Dataset records
»»

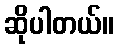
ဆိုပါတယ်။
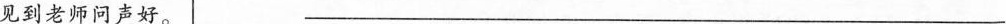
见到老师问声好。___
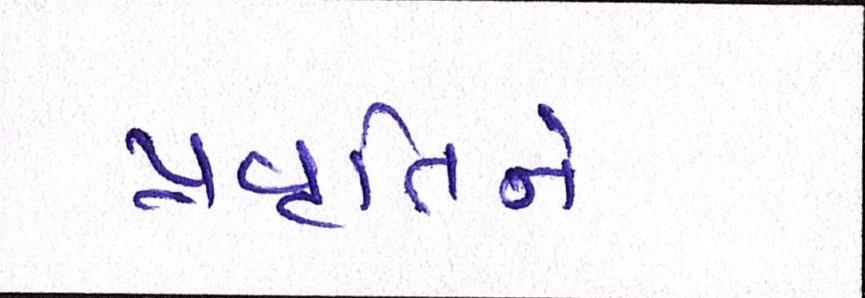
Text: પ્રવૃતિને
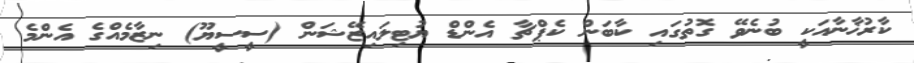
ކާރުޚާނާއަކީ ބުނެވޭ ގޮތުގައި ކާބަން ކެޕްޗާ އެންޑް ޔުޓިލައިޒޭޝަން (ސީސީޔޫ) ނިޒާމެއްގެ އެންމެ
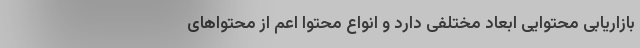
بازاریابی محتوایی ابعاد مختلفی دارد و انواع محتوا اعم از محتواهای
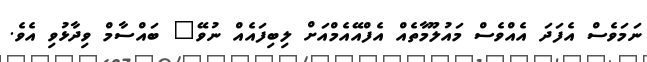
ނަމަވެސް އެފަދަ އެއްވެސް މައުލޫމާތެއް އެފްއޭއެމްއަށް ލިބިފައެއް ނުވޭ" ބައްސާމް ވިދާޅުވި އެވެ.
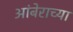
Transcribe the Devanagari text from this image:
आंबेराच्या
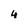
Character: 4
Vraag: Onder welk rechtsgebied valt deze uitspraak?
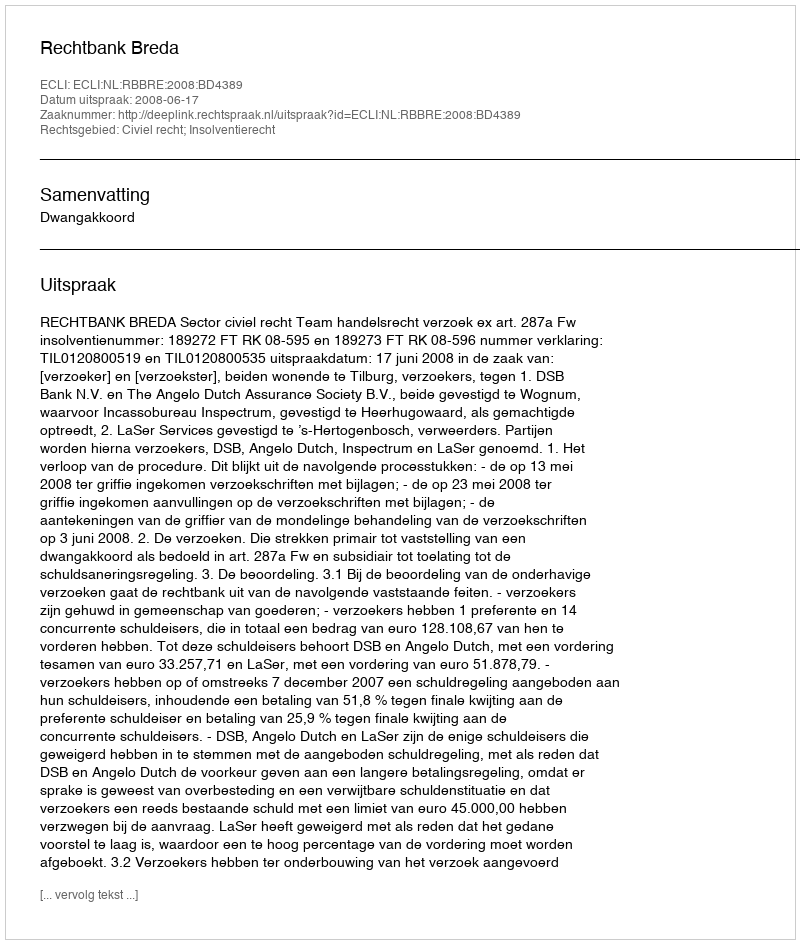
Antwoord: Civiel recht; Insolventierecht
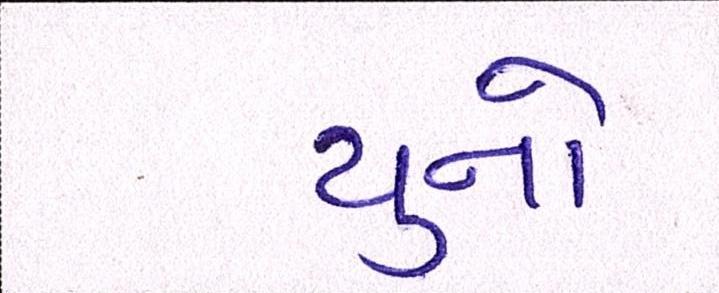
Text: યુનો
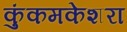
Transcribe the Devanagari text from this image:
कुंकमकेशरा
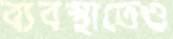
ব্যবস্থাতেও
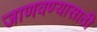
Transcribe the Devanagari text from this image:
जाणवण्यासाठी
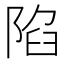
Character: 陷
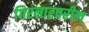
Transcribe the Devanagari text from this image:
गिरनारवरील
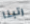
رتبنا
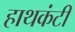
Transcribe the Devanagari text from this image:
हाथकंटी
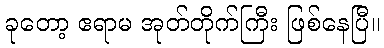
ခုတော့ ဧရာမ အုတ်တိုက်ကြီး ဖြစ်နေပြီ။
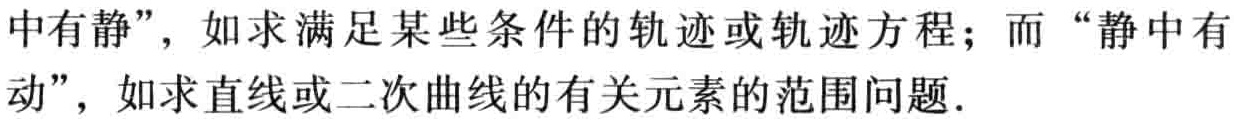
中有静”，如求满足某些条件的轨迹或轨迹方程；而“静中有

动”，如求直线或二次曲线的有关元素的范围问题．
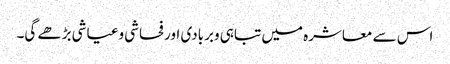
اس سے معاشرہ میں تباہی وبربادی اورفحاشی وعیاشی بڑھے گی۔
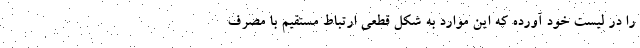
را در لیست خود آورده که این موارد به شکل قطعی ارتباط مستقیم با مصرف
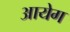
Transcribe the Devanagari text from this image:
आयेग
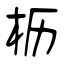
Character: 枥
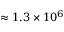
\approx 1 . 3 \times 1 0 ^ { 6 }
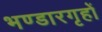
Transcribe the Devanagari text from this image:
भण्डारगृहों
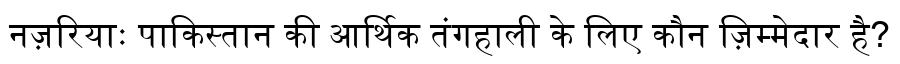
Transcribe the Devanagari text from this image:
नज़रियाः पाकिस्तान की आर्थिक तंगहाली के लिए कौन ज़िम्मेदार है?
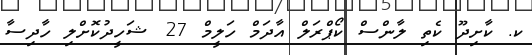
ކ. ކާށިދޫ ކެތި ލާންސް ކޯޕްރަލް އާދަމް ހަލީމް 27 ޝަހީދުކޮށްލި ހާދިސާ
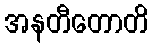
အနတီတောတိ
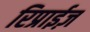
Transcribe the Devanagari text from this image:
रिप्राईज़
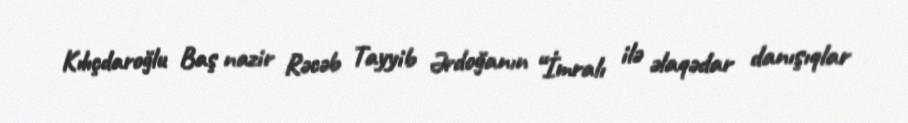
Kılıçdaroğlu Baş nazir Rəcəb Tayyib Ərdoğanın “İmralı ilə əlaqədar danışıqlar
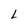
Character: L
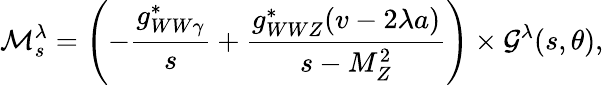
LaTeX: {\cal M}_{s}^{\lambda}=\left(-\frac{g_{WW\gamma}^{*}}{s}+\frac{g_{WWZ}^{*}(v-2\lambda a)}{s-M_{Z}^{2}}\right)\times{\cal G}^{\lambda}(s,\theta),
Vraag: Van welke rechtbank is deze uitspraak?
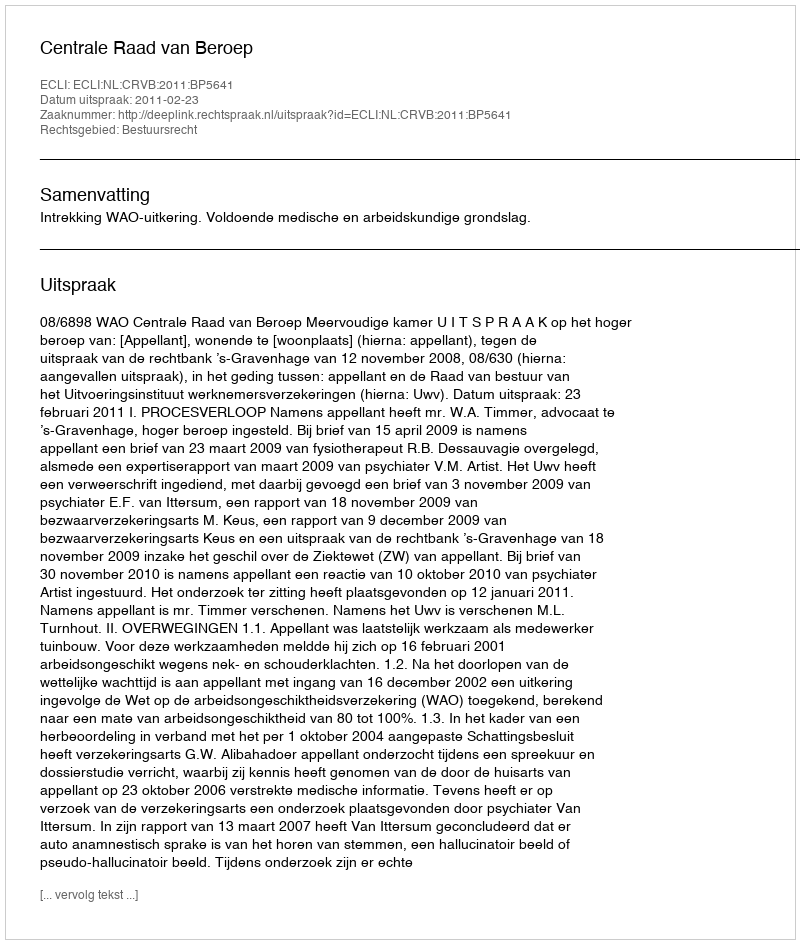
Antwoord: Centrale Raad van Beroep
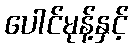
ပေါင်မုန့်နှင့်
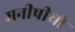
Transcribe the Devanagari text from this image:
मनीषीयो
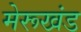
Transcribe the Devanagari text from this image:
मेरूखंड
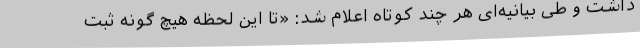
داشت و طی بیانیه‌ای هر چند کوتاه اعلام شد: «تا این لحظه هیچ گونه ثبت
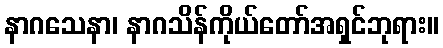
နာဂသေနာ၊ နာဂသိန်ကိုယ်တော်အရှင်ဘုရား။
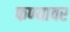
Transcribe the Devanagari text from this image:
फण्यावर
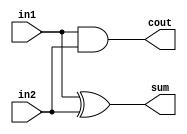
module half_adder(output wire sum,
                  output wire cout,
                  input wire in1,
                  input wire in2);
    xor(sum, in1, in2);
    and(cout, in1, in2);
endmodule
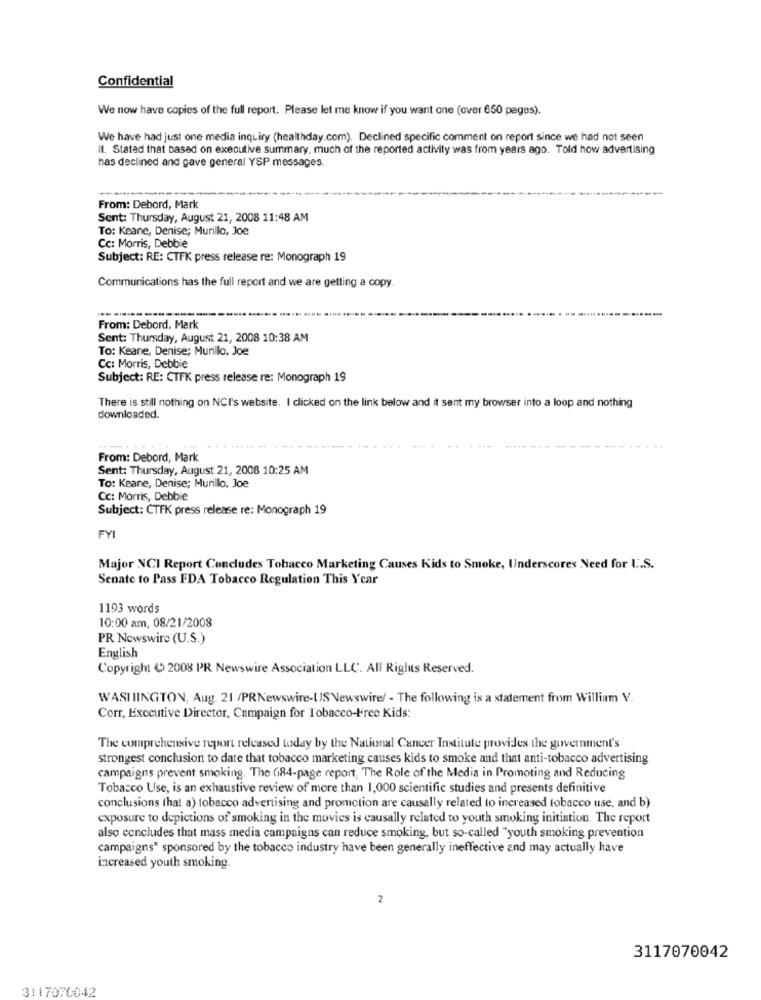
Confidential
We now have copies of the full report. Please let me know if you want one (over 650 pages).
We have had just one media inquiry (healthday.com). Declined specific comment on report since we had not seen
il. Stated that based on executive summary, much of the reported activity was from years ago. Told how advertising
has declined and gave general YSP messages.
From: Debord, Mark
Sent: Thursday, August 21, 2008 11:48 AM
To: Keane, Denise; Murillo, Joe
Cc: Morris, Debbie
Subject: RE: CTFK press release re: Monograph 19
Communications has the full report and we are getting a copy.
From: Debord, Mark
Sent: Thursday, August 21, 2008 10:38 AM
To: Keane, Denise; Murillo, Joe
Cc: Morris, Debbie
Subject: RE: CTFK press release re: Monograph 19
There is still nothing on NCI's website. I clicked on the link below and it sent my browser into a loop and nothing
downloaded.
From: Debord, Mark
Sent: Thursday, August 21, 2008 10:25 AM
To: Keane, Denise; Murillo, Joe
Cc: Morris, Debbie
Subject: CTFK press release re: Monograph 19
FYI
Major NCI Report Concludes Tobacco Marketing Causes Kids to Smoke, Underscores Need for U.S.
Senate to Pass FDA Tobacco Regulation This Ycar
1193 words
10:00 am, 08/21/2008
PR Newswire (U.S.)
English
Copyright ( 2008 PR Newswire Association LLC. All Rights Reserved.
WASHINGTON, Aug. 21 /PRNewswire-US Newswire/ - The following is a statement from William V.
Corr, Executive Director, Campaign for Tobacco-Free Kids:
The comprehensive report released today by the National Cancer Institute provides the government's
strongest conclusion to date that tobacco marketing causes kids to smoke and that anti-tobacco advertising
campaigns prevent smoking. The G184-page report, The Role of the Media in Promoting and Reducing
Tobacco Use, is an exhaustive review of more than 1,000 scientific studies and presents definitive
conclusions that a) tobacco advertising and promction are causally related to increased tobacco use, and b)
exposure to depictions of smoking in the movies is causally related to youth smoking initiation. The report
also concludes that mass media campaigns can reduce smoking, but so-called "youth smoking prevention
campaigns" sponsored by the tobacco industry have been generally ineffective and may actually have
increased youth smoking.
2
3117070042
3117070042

««

● **WHAT YOU SHOULD DO**
From the entries above, copy out every line where the string "uitspraak" appears.

● **THE ANSWER**
Vraag: Onder welk rechtsgebied valt deze uitspraak?
Vraag: Van welke rechtbank is deze uitspraak?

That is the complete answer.